Just one month earlier, I’d spent more than $600 I don’t have on two bathing suits, arguing that they make me feel good and therefore, I need to own them in three colors. I do believe that when you find something like that rare great bathing suit, and it’s in your budget, it’s worth a splurge. But I had ignored the whole ‘can I actually afford this?’ aspect for far too long. Plus, I already had a perfectly good one sitting in my closet.

I made a decision right then: I would attempt to abstain from eating in restaurants and shopping for non-necessities during the entire month of July. Cue panic.

What I expected was to have a little more money in the bank at the end of the month. What I didn’t expect was what I learned about myself, my self-esteem, and my style.

For starters, it became abundantly clear that for the most part, and especially during the summer, I basically wear a variation of the same thing every single day. I’d recently stocked up on a few bodysuits from the Aritzia contour collection and two pairs of denim shorts, one blue and one black. I also had recently acquired a pair of Tevas and a new pair of Birkenstocks.

If my entire closet disappeared tomorrow save for those few items, it would not look very different from what I looked like every day in July. It helps that the bodysuits are comfortable, just a little sexy and—my ultimate criteria as a person with big boobs who hates bras—fitted enough to go braless.

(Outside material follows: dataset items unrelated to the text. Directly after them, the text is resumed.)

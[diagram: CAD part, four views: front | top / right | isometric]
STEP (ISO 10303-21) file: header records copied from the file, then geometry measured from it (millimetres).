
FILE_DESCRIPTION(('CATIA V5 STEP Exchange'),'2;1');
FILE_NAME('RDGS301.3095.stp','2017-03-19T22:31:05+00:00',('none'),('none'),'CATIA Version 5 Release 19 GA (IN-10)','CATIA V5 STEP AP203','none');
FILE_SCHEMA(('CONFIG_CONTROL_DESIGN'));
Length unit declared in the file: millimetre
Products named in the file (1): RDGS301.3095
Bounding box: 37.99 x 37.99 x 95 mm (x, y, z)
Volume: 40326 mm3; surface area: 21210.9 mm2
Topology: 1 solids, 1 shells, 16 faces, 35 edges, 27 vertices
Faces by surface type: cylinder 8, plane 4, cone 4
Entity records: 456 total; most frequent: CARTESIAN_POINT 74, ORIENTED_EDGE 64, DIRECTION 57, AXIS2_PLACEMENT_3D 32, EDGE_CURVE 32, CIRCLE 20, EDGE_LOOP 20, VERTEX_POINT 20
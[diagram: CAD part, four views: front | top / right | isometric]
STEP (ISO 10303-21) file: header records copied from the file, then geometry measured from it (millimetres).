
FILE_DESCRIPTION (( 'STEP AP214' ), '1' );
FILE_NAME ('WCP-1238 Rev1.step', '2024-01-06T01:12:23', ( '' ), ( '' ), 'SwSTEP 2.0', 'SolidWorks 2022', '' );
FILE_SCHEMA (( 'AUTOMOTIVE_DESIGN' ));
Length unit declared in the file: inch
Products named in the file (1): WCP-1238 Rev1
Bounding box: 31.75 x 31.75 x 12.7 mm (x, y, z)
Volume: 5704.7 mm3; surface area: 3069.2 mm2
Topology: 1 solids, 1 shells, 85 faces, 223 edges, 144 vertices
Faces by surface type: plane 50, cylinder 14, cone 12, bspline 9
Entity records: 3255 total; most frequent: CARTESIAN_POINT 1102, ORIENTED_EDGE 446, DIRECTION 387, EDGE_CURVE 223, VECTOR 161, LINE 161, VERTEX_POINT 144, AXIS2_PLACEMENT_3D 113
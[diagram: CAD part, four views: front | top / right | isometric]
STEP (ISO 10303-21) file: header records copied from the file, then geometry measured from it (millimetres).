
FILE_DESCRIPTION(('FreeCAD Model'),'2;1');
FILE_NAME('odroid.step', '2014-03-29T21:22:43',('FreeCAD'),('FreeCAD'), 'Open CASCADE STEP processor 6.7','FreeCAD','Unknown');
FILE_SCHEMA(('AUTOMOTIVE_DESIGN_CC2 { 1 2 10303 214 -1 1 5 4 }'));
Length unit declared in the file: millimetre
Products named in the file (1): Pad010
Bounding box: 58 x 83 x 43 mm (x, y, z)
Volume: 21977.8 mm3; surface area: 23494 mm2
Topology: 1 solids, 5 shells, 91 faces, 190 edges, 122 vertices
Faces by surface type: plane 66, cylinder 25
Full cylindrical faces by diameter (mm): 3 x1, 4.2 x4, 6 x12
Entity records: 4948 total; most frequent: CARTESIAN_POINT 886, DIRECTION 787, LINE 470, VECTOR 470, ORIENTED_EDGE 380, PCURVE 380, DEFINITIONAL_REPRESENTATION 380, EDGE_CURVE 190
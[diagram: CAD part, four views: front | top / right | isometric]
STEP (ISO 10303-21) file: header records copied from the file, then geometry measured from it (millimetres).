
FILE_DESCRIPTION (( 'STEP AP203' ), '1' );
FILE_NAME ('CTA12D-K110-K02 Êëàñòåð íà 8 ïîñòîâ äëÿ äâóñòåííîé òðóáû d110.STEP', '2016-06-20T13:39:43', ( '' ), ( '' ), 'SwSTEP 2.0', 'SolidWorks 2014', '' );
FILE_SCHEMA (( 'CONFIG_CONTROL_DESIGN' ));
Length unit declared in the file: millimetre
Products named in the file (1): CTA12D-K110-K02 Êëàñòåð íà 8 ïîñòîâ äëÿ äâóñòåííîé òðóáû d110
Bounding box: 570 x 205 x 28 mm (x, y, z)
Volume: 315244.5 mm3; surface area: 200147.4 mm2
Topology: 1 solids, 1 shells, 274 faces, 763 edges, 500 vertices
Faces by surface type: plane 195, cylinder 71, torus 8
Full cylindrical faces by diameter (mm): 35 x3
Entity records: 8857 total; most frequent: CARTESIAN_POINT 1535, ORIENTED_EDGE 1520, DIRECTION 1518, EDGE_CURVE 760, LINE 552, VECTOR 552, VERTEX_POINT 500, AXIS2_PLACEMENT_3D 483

On the occasions that I did wear something other than a bodysuit/short combination, I found myself looking forward to working with what I’ve got by trying new outfit combinations and being more creative with my style. Much like not eating in restaurants forced me to think of new and more interesting ways to spend time with friends, not shopping helped me get a little crafty from inside my closet.

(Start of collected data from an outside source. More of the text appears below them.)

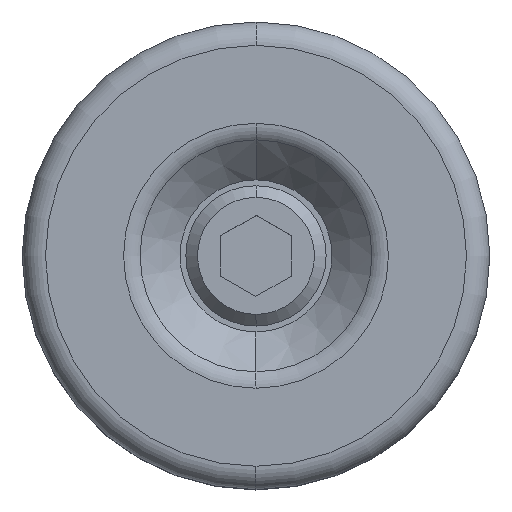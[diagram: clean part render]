
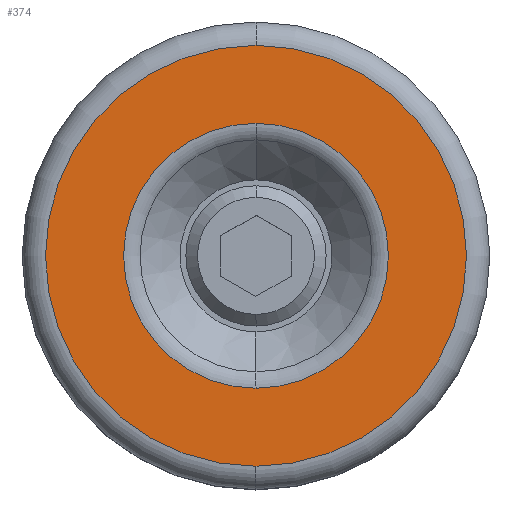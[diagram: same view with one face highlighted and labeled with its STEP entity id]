
A CAD part, top view. The second image highlights one B-rep face of the part: STEP entity #374.
In plain terms, the highlighted planar face has unit normal (0, 0, 1).
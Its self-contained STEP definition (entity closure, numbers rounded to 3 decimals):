
#374=ADVANCED_FACE('',(#745,#746),#747,.T.);
#745=FACE_OUTER_BOUND('',#1158,.T.);
#746=FACE_BOUND('',#1159,.T.);
#747=PLANE('',#1160);
#1158=EDGE_LOOP('',(#1937,#1938));
#1159=EDGE_LOOP('',(#1939,#1940));
#1160=AXIS2_PLACEMENT_3D('',#1941,#1942,#1943);
#1937=ORIENTED_EDGE('',*,*,#2547,.F.);
#1938=ORIENTED_EDGE('',*,*,#2537,.F.);
#1939=ORIENTED_EDGE('',*,*,#2548,.F.);
#1940=ORIENTED_EDGE('',*,*,#2543,.F.);
#1941=CARTESIAN_POINT('',(0.,0.0,32.21));
#1942=DIRECTION('',(0.,0.0,1.0));
#1943=DIRECTION('',(0.0,-1.0,0.0));
#2537=EDGE_CURVE('',#3054,#3052,#3056,.T.);
#2543=EDGE_CURVE('',#3062,#3060,#3064,.T.);
#2547=EDGE_CURVE('',#3052,#3054,#3068,.T.);
#2548=EDGE_CURVE('',#3060,#3062,#3069,.T.);
#3052=VERTEX_POINT('',#4013);
#3054=VERTEX_POINT('',#4015);
#3056=CIRCLE('',#4017,18.0);
#3060=VERTEX_POINT('',#4021);
#3062=VERTEX_POINT('',#4023);
#3064=CIRCLE('',#4025,11.328);
#3068=CIRCLE('',#4029,18.0);
#3069=CIRCLE('',#4030,11.328);
#4013=CARTESIAN_POINT('',(0.,-18.0,32.21));
#4015=CARTESIAN_POINT('',(0.,18.0,32.21));
#4017=AXIS2_PLACEMENT_3D('',#4539,#4540,#4541);
#4021=CARTESIAN_POINT('',(0.,-11.328,32.21));
#4023=CARTESIAN_POINT('',(0.,11.328,32.21));
#4025=AXIS2_PLACEMENT_3D('',#4551,#4552,#4553);
#4029=AXIS2_PLACEMENT_3D('',#4557,#4558,#4559);
#4030=AXIS2_PLACEMENT_3D('',#4560,#4561,#4562);
#4539=CARTESIAN_POINT('',(0.,0.0,32.21));
#4540=DIRECTION('',(0.,0.0,-1.0));
#4541=DIRECTION('',(0.,1.0,0.));
#4551=CARTESIAN_POINT('',(0.,0.0,32.21));
#4552=DIRECTION('',(0.,0.0,1.0));
#4553=DIRECTION('',(0.0,1.0,0.0));
#4557=CARTESIAN_POINT('',(0.,0.0,32.21));
#4558=DIRECTION('',(0.,0.0,-1.0));
#4559=DIRECTION('',(0.,1.0,0.));
#4560=CARTESIAN_POINT('',(0.,0.0,32.21));
#4561=DIRECTION('',(0.,0.0,1.0));
#4562=DIRECTION('',(0.0,1.0,0.0));

In a month devoid of “needing” the next new thing that pops up in my (creepily curated) Instagram ads, I spent that time really taking care of myself and my mental health. When I shifted my focus to the things I already had, and found gratitude in those things, I realized that I don’t actually need the hit of dopamine that comes from swiping a credit card or clicking “buy now.” Being thoughtful about my expenses and my belongings has given me a much longer lasting, sustainable self-esteem boost than another new pair of shoes ever could.

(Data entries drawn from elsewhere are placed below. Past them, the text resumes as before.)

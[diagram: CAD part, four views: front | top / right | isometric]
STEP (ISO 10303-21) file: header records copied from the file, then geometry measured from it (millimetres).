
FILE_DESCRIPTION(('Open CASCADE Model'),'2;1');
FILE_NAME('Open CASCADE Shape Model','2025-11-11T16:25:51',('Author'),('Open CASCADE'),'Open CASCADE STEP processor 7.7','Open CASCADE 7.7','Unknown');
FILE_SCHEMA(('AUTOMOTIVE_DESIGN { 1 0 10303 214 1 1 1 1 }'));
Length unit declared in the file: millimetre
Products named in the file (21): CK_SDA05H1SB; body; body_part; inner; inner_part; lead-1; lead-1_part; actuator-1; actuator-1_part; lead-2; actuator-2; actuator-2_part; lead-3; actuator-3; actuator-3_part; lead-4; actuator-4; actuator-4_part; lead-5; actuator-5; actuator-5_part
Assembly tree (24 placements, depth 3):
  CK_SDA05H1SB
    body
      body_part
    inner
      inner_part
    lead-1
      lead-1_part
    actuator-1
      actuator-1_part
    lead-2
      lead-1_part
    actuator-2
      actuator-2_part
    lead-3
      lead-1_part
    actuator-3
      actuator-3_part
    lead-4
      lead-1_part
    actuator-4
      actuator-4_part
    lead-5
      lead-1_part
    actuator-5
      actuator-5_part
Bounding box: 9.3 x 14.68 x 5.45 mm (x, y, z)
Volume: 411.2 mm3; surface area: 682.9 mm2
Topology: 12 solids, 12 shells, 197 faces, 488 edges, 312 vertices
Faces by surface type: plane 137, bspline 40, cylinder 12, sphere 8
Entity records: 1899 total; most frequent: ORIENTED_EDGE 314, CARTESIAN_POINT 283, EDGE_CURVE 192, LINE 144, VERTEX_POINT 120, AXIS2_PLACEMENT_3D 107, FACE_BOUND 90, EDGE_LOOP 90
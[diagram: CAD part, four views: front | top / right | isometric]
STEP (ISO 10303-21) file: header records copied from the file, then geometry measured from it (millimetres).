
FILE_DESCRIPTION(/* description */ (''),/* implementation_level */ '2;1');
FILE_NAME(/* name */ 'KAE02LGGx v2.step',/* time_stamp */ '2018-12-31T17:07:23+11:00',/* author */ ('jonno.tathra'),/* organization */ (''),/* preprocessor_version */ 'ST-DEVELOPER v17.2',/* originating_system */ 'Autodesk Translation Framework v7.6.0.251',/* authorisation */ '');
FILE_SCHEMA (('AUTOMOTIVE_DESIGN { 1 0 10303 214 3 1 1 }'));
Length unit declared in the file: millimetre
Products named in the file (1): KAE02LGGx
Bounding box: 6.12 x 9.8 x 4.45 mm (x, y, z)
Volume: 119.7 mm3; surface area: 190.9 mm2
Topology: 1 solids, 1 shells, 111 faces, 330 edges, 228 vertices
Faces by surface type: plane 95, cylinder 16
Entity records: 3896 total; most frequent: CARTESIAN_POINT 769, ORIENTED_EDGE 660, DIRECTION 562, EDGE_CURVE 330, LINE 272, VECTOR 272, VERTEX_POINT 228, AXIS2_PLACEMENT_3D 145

Of course, that’s not to say I’ve kicked the habit completely, or that loving fashion is something I’ll ever stop doing. Last month I saw the movie Official Competition and have been lusting over a pair of sunglasses Penélope Cruz wears in the film ever since. I even went so far as to find the costume designer on LinkedIn and ask her to ID them—a request that has, thus far, gone understandably unanswered. The other day a follower of mine sent a link to what could very well be the pair, but by then I had found myself a dupe at the Brooklyn Flea for $20, thank you very much.

There is no denying the power of a good outfit or the thrill of a good sale. Similarly, there is no denying that we live in a time that makes us feel like we have no choice but to try and keep up. But if this experience taught me anything, it’s that I can figure out a way to feel good, both in my closet and in my life, with the things I already have. They’re more than enough.